== Segment start ==

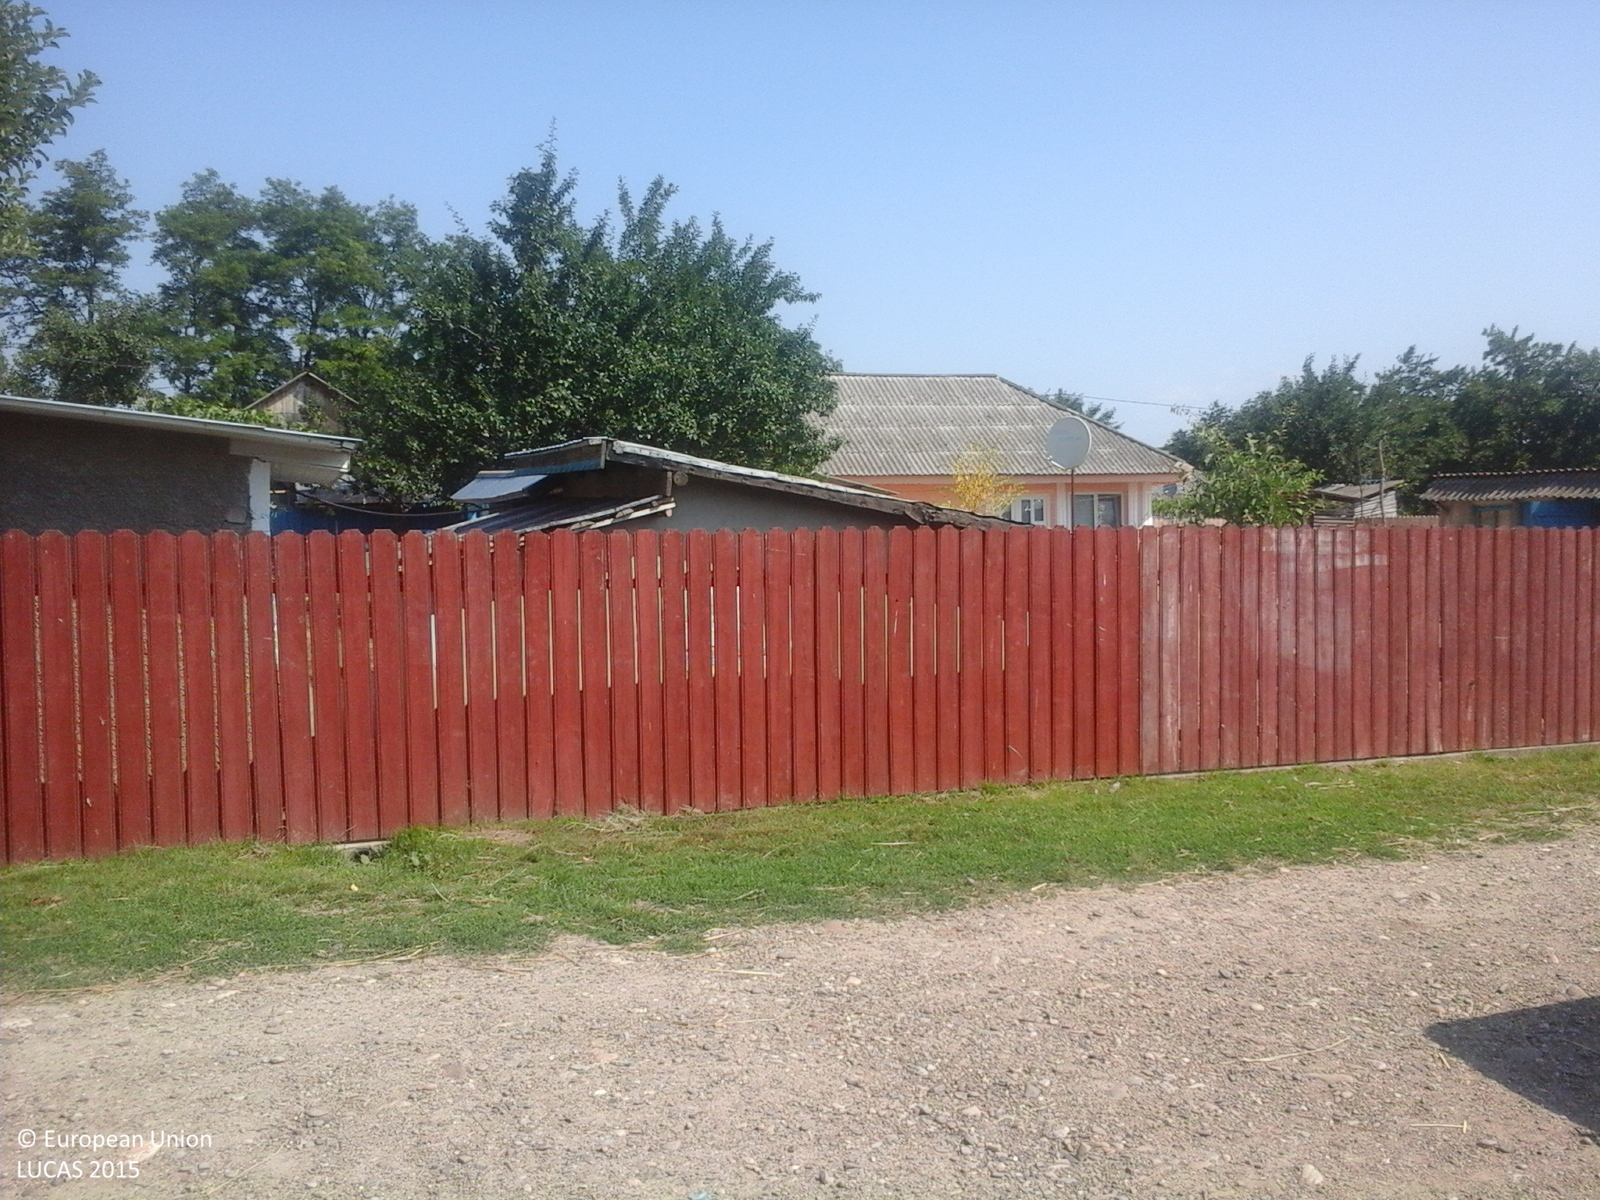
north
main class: Cropland
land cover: Vineyards
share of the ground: > 75 %
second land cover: Spontaneously vegetated surfaces
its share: 25 - 50 %
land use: Agriculture (excluding fallow land and kitchen gardens)
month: June
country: RO
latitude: 46.9034
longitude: 27.3727
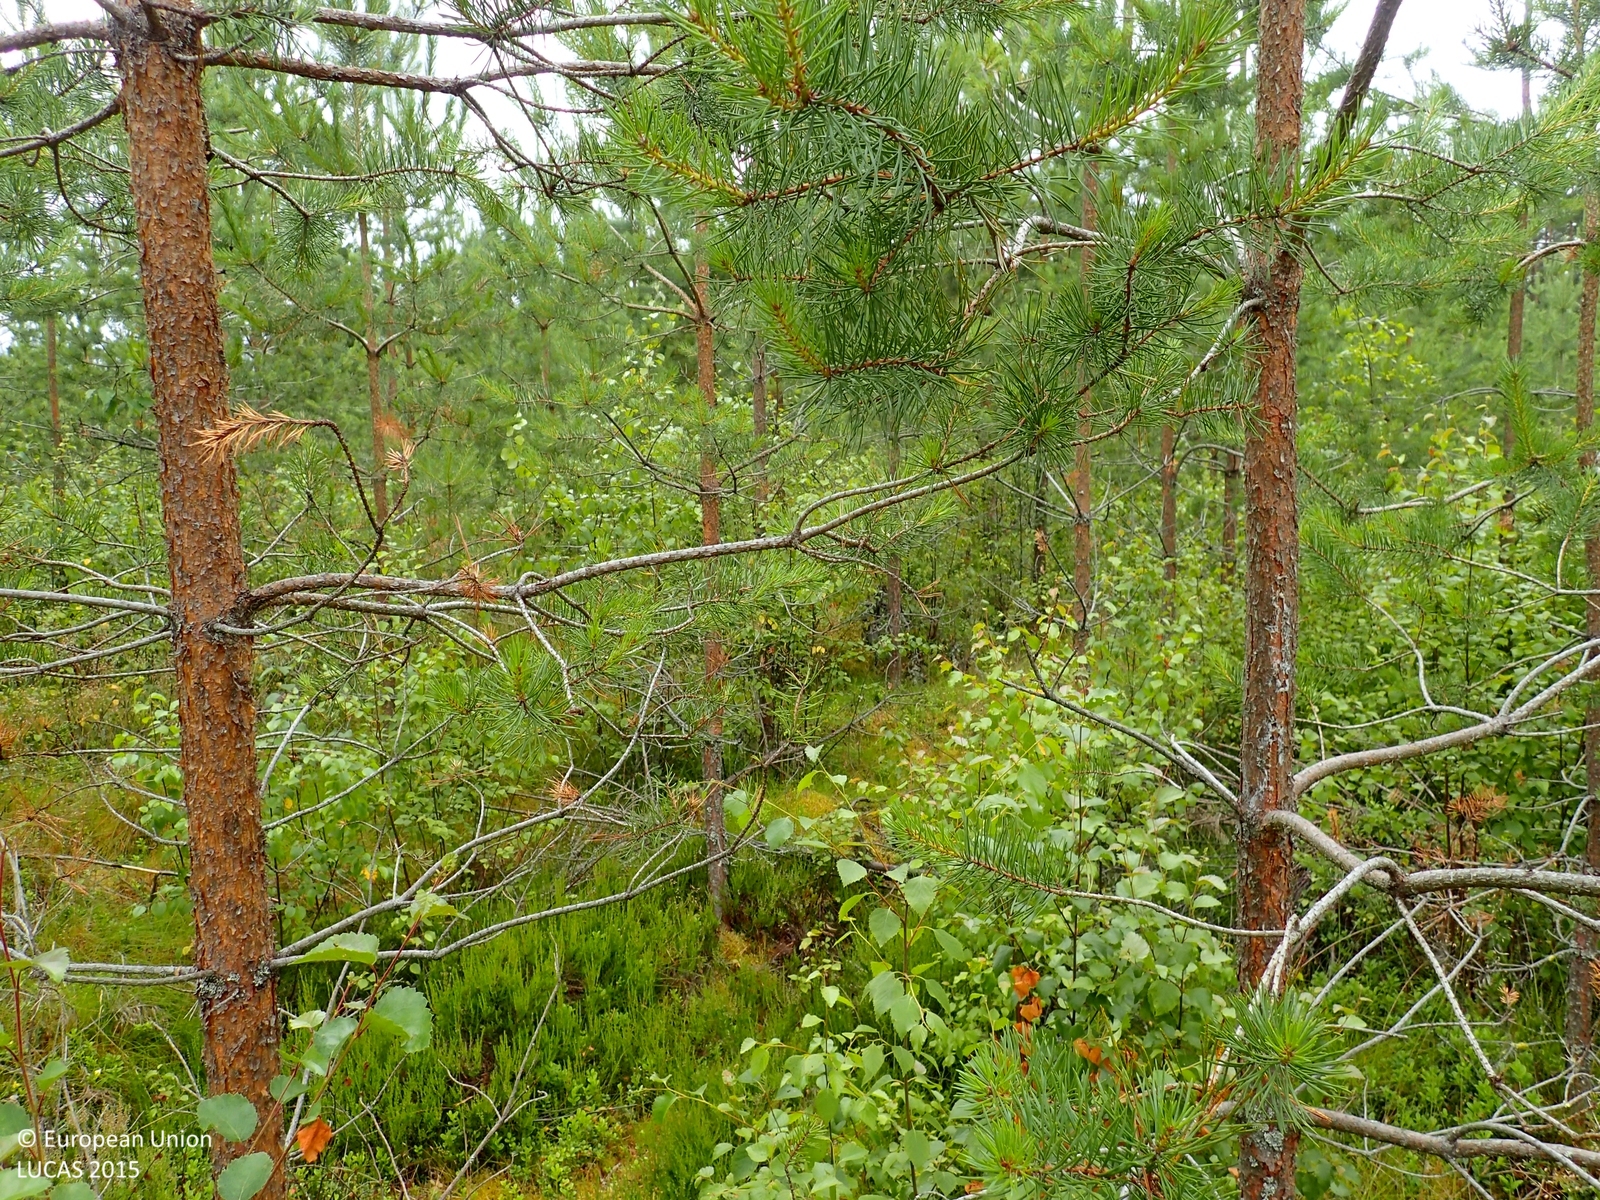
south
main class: Woodland
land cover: Pine dominated mixed woodland
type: boreal forest
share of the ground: > 75 %
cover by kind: coniferous forest trees 55 %, shrubs 25 %, broadleaved forest trees 20 %
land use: Forestry
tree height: < 5 m
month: July
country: FI
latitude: 62.8810
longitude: 23.2981
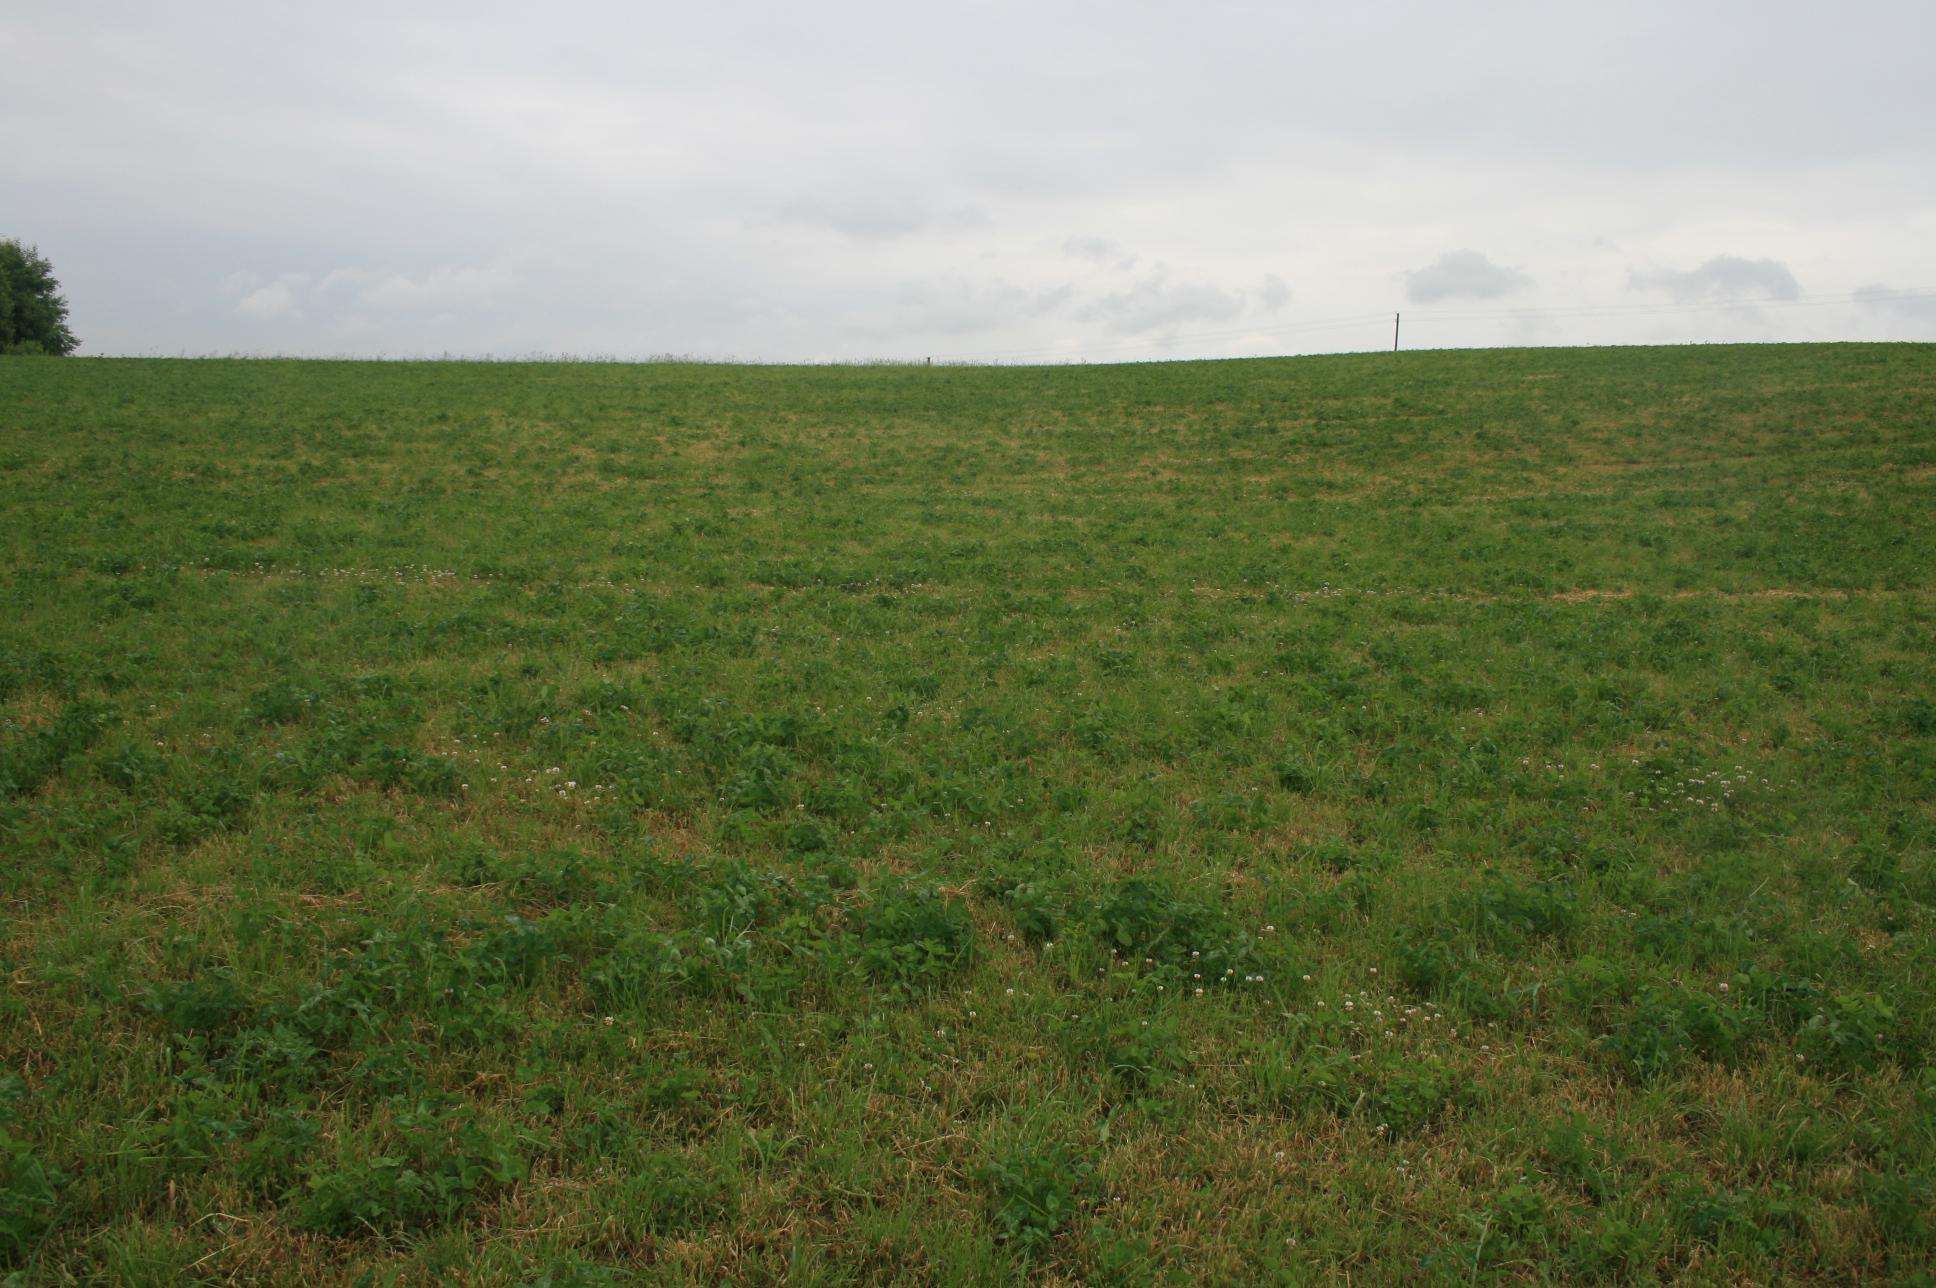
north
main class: Grassland
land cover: Grassland without tree/shrub cover
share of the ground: > 75 %
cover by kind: herbaceous plants 100 %
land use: Agriculture (excluding fallow land and kitchen gardens)
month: June
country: LT
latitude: 55.5172
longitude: 22.3324

== Segment end ==

> _ABOUT THIS TASK_:
Without the pictures, copy all of the entries exactly as they appear.

> _PROBLEM SOLUTION_:
north
main class: Cropland
land cover: Vineyards
share of the ground: > 75 %
second land cover: Spontaneously vegetated surfaces
its share: 25 - 50 %
land use: Agriculture (excluding fallow land and kitchen gardens)
month: June
country: RO
latitude: 46.9034
longitude: 27.3727
south
main class: Woodland
land cover: Pine dominated mixed woodland
type: boreal forest
share of the ground: > 75 %
cover by kind: coniferous forest trees 55 %, shrubs 25 %, broadleaved forest trees 20 %
land use: Forestry
tree height: < 5 m
month: July
country: FI
latitude: 62.8810
longitude: 23.2981
north
main class: Grassland
land cover: Grassland without tree/shrub cover
share of the ground: > 75 %
cover by kind: herbaceous plants 100 %
land use: Agriculture (excluding fallow land and kitchen gardens)
month: June
country: LT
latitude: 55.5172
longitude: 22.3324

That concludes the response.